• Material World: What Prehistoric Possessions Tell Us About Ourselves

    Chip Colwell on the Objects That Link Us to Our Earliest Human Ancestors

    On the morning of September 18, 1991, Helmut and Erika Simon set out to ascend Similaun, a diamond-shaped peak that rises into the clouds of the Italian-Austrian Alps. The hike was not easy. The weather was unseasonably warm. Glaciers blanketing the mountains were melting. Icy rivers raced downhill, carving small gullies, tunnels, and caves that dropped into blackness and the unknown.

    The Simons were on vacation from Nuremberg, Germany. They threaded their way across the fields of melting ice and crevasses until eventually they stood at the top of Similaun, triumphantly looking down on the world from a height of nearly 12,000 feet. As they happily descended, daylight began to fade. They wouldn’t be able to make it back to their hotel in Vernagt, Italy, before nightfall, so they found their way to a rustic stone-and-wood lodge set high up among the peaks.

    The next day broke clear and beautiful. The Simons decided to squeeze in another hike. With some new friends they had met at the lodge, the couple started out for Finail Peak. The trail took them through a barren landscape, far above the tree line. Patches of liquifying snow were spread across a broken patch of sharp fragmented stone, colored charcoal and ash. By noon, the group reached the blustery summit and then headed back down. Soon after their descent began, the new friends said their goodbyes to Helmut and Erika and took off in a different direction.

    Everything that Ötzi possessed are things recognizable to us today.

    The Simons looked for the trail that would take them back to the lodge. They were skirting a trench when Helmut looked down into a pool of thawing snow. He saw a strange shape. His first reaction was anger, thinking it was a piece of trash marring the magnificent landscape. As Helmut’s mind caught up to what his eyes were seeing, Erika cried out, “Look, it’s a person!”

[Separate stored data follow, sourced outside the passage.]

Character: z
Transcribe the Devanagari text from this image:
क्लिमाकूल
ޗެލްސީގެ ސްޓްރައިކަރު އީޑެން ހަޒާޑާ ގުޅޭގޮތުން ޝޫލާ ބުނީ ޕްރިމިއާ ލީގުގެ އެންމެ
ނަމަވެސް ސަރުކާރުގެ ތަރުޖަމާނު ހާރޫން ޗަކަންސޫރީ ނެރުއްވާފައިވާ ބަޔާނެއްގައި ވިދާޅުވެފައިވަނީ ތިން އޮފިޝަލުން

    Just feet away from them was the head and upper back of a human being suspended in the slushy water. Face down, the remains were dried out, the person’s skin leathered—smooth, hairless, orange.

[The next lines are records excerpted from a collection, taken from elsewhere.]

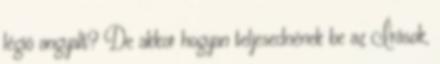
légió angyalt? De akkor hogyan teljesednének be az Írások,
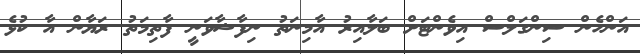
އަންހެން ސިންގަލްސް އިވެންޓަށް ބަލާއިރު އާމިނަތު ނިފާޝާވަނީ ފާތިމަތު ރަޔާން އާ ކުޅެ
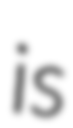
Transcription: is
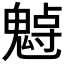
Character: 𩳨
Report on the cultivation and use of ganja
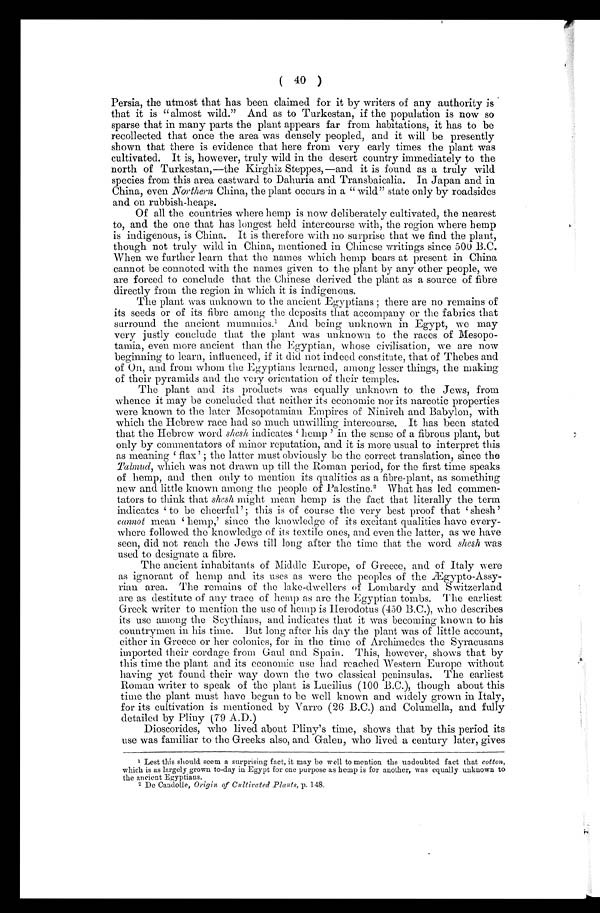
( 40 )
Persia, the utmost that has been claimed for it by writers of any authority is
that it is "almost wild." And as to Turkestan, if the population is now so
sparse that in many parts the plant appears far from habitations, it has to be
recollected that once the area was densely peopled, and it will be presently
shown that there is evidence that here from very early times the plant was
cultivated. It is, however, truly wild in the desert country immediately to the
north of Turkestan,—the Kirghiz Steppes,—and it is found as a truly wild
species from this area eastward to Dahuria and Transbaicalia. In Japan and in
China, even Northern China, the plant occurs in a " wild" state only by roadsides
and on rubbish-heaps.
Of all the countries where hemp is now deliberately cultivated, the nearest
to, and the one that has longest held intercourse with, the region where hemp
is indigenous, is China. It is therefore with no surprise that we find the plant,
though not truly wild in China, mentioned in Chinese writings since 500 B.C.
When we further learn that the names which hemp bears at present in China
cannot be connoted with the names given to the plant by any other people, we
are forced to conclude that the Chinese derived the plant as a source of fibre
directly from the region in which it is indigenous.
The plant was unknown to the ancient Egyptians ; there are no remains of
its seeds or of its fibre among the deposits that accompany or the fabrics that
surround the ancient mummies.¹ And being unknown in Egypt, we may
very justly conclude that the plant was unknown to the races of Mesopo-
tamia, even more ancient than the Egyptian, whose civilisation, we are now
beginnin to learn, influenced, if it did not indeed constitute, that of Thebes and
of On, and from whom the Egyptians learned, among lesser things, the making
of their pyramids and the very orientation of their temples.
The plant and its products was equally unknown to the Jews, from
whence it may be concluded that neither its economic nor its narcotic properties
were known to the later Mesopotamian Empires of Niniveh and Babylon, with
which the Hebrew race had so much unwilling intercourse. It has been stated
that the Hebrew word shcsk i ndi c a t e s ' he mp' i n t he s e ns e of a f i br ous pl a nt , but
only by commentators of minor reputation, and it is more usual to interpret this
as meaning flax' ; the latter must obviously be the correct translation, since the
Talmud, which was not drawn up till the Roman period, for the first time speaks
of hemp, and then only to mention its qualities as a fibre-plant, as something
new and little known among the people of Palestine.² What has led commen-
tators to think that shesh might mean hemp is the fact that literally the term
indicates to be cheerful' ; this is of course the very best proof that 'shesh'
cannot mean 'hemp,' since the knowledge of its excitant qualities have every-
where followed the knowledge of its textile ones, and even the latter, as we have
seen, did not reach the Jews till long after the time that the word shesh was
used to designate a fibre.
The ancient inhabitants of Middle Europe, of Greece, and of Italy were
as ignorant of hemp and pits uses as were the peoples of the Ægypto-Assy-
riau area. The remains of the lake-dwellers of Lombardy and Switzerland
are as destitute of any trace of hemp as are the Egyptian tombs. The earliest
Greek writer to mention the use of hemp is Herodotus (450 B.C.), who describes
its use among the Scythians, and indicates that it was becoming known to his
countrymen in his time. But long after his day the plant was of little account,
either in Greece or her colonies, for in the time of Archimedes the Syracusans
imported their cordage from Gaul and Spain. This, however, shows that by
this time the plant and its economic use had reached Western Europe without
having yet found their way clown the two classical peninsulas. The earliest
Roman writer to speak of the plant is Lucilius (100 B.C.), though about this
time the plant must have begun to be well known and widely grown in Italy,
for its cultivation is mentioned by Varro (26 B.C.) and Columella, and fully
detailed by Pliny (79 A.D.)
Dioscorides, who lived about Pliny's time, shows that by this period its
use was familiar to the Greeks also, and Galen, who lived a century later, gives
1 Lest this should seem a surprising fact, it may be well to mention the undoubted fact that cotton,
which is as largely grown to-day in Egypt for one purpose as hemp is for another, was equally unknown to
the ancient Egyptians.
² De Candolle, Origin of Cultivated Plants, p. 148.

    The Simons returned to the lodge and reported their discovery to the caretaker, Markus Pirpamer. He called the police in both Italy and Austria, not knowing on which side of the border the corpse had been found. Markus then went to investigate, joined by the lodge’s cook. After an hour’s hike, they found the body and began inspecting the area for clues when Markus noticed an object lying nearby. He picked it up and admired the long, smooth handle that turned a sharp 90 degrees like a perfect L. Wrapped at the end was a fine, symmetrical metal blade. It was an ax, but unlike any Markus had ever seen. He noticed other things too—fur and sticks and boards and a birchbark tube of some sort stuffed with hay—all camouflaged in the mud. A half hour passed. The two men returned to the lodge.

    The next day, a helicopter flew out to the site, where Anton Koler, an Austrian inspector, met Markus. They began using a jackhammer to loosen the glacier’s grip on the man. Storm clouds were moving in. The men worked hard, often submerged in the icy water pulling at the body with bits of dried flesh breaking off. After all their effort, the person was only half excavated and the air compressor was empty. They went home.

    Word spread at the lodge about the find, including to Reinhold Messner, a world-famous mountain climber who happened to be traveling through the region. He couldn’t resist checking out the man. With his companions, Messner tried to pry the body loose, pulling at it and using one of the sticks lying around to hack at the ice by the person’s legs. The body stayed stubbornly locked in place. But based on the artifacts and the preserved condition of the body, Messner began to suspect that this person had been hidden under the glacier for a long time.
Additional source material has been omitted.